En Grande-Bretagne, les découvreurs sont incités à faire enregistrer leurs découvertes
Le British Museum est à la tête d’une base de données, The Portable Antiquities Scheme (PAS) qui fait le recensement des découvertes que les détectoristes sont obligés de rapporter aux archéologues. Les statistiques que nous avons établies pour les besoins de l’exposition montrent que l’on a véritablement affaire à une exploitation industrielle du patrimoine archéologique anglais. À ce rythme, il n’y aura bientôt plus rien à découvrir à portée de détecteur de métaux parce qu’on aura littéralement épuisé le sol. Oui, l’archéologie est une ressource épuisable. C’est un réservoir limité de matériaux. Quand on aura tout épuisé, nos petits-enfants n’auront plus rien à fouiller et ne pourront pas en savoir plus que nous sur notre passé, alors même qu’ils disposeront de techniques d’exploration supérieures aux nôtres. C’est un cruel paradoxe. Avec de nombreux collègues, nous militons pour la préservation autant que possible du patrimoine archéologique dans le sol.
La chasse au trésor est donc bien une forme de vandalisme…
On paye le prix de cette fascination pour le trésor. Le véritable ennemi de l’archéologue, c’est cette image frelatée véhiculée dans les films ou certains romans qui le représentent comme un aventurier à la recherche de l’objet exceptionnel. L’archéologie, c’est tout le contraire. Ce qui est recherché, ce sont les traces matérielles de la vie quotidienne du passé, qui montrent comment les conditions de vies ont évolué sur le temps long.

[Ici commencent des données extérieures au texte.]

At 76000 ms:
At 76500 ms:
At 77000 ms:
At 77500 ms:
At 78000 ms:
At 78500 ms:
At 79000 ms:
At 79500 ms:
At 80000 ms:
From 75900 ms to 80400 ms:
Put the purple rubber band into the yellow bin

L’objet exceptionnel n’est pas représentatif à cet égard. Il ne s’agit pas de dire qu’il n’a aucun intérêt, mais le véritable objectif de l’archéologue n’est pas le trésor.
Comment caractériser une visite réussie de cette exposition ?

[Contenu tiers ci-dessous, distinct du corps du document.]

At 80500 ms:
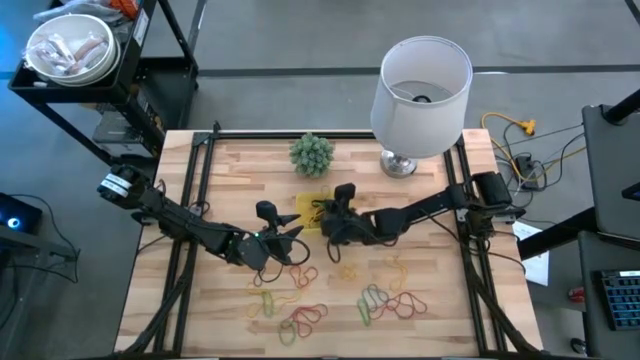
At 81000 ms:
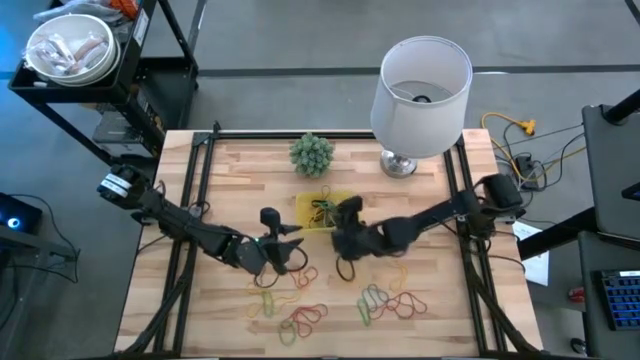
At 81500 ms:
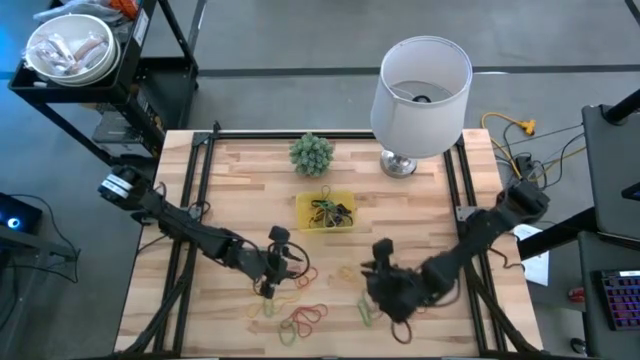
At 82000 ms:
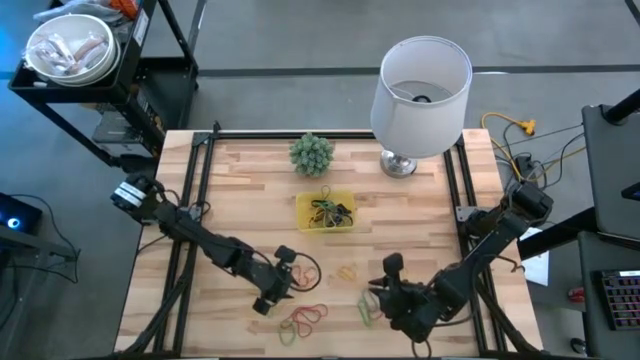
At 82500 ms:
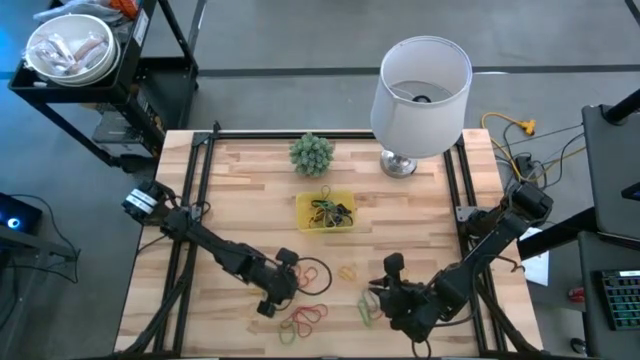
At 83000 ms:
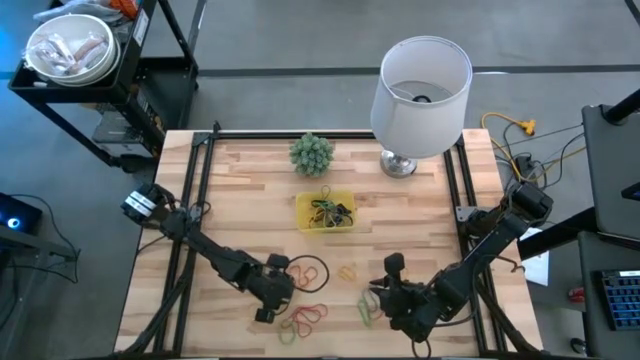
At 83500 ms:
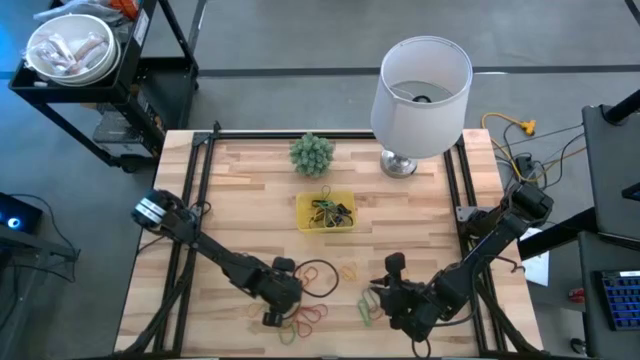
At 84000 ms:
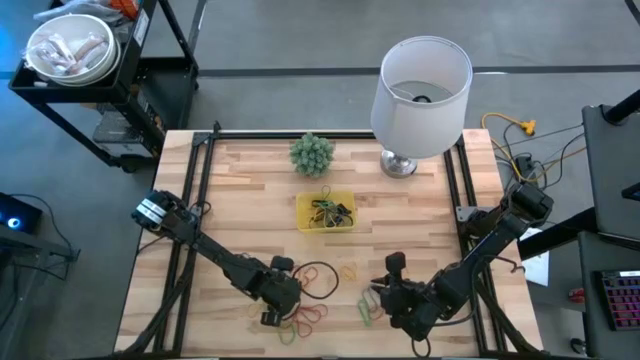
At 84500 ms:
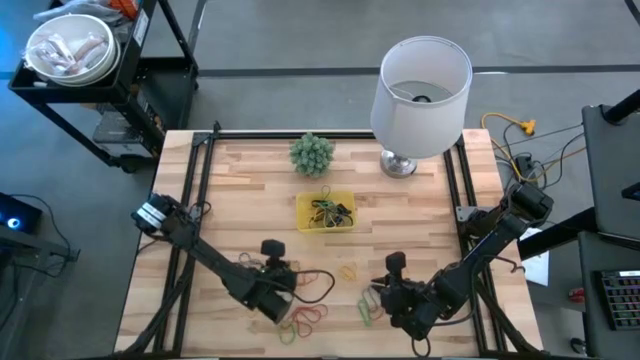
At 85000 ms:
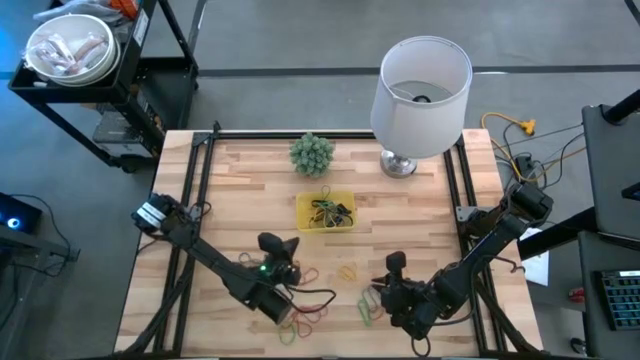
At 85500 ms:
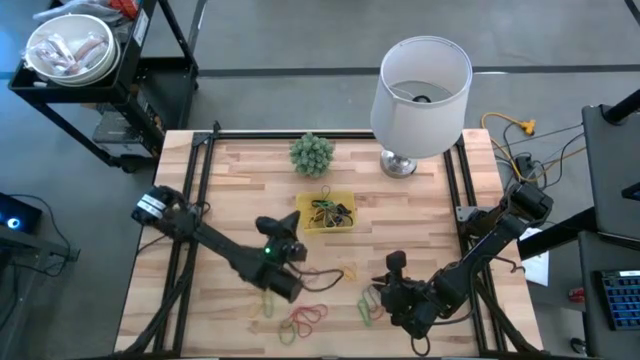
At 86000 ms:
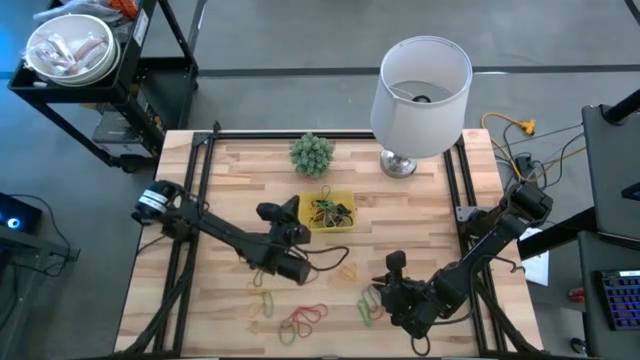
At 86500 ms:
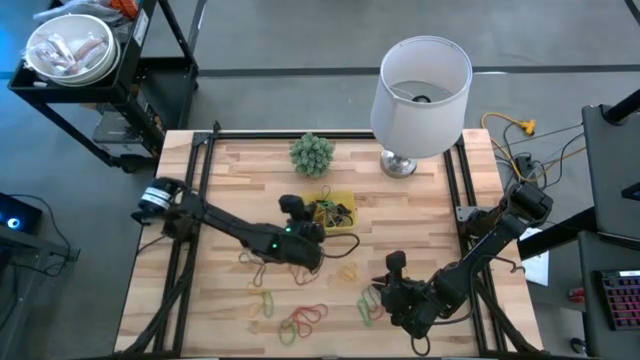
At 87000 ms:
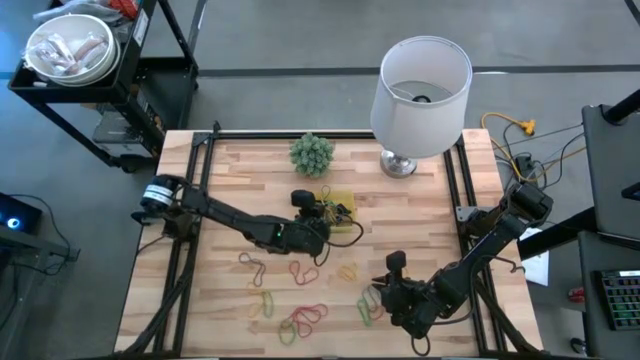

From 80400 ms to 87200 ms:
Put the yellow rubber band into the yellow bin

Nous avons voulu faire naître deux sentiments chez le visiteur : un sentiment de frustration, car l’exposition commence par une vitrine vide – il ne verra jamais ces objets volés – et le sentiment que le patrimoine archéologique est fragile, qu’il faut donc le préserver le plus longtemps possible. Le pillage est la violence ultime que l’on exerce contre ce patrimoine. C’est vrai dans les pays en guerre ; on parle d’antiquités de sang pour dire cette violence extrême. Mais c’est vrai aussi, même si la violence est moins grande, dans les pays en paix, quand on opère la nuit pour donner aveuglément de grands coups de pelle dans la terre.
Première du genre, une convention de partenariat a été signée le 20 juillet dernier entre les services des ministères de la Culture (Direction générale des patrimoines et de l’architecture) et de l’Intérieur (Direction générale de la Gendarmerie nationale) afin d’assurer une meilleure protection du patrimoine archéologique contre les atteintes qui lui sont régulièrement portées (destruction de sites, pillage, recel etc.) Inspirée par la convention de coopération entre la Préfecture de la région PACA et la gendarmerie de Provence – Alpes Côte d’Azur, elle prévoit notamment la mise en place d’un réseau de référents dans chaque administration et pourra faire l’objet de déclinaisons locales afin de l’adapter aux spécificités du terrain.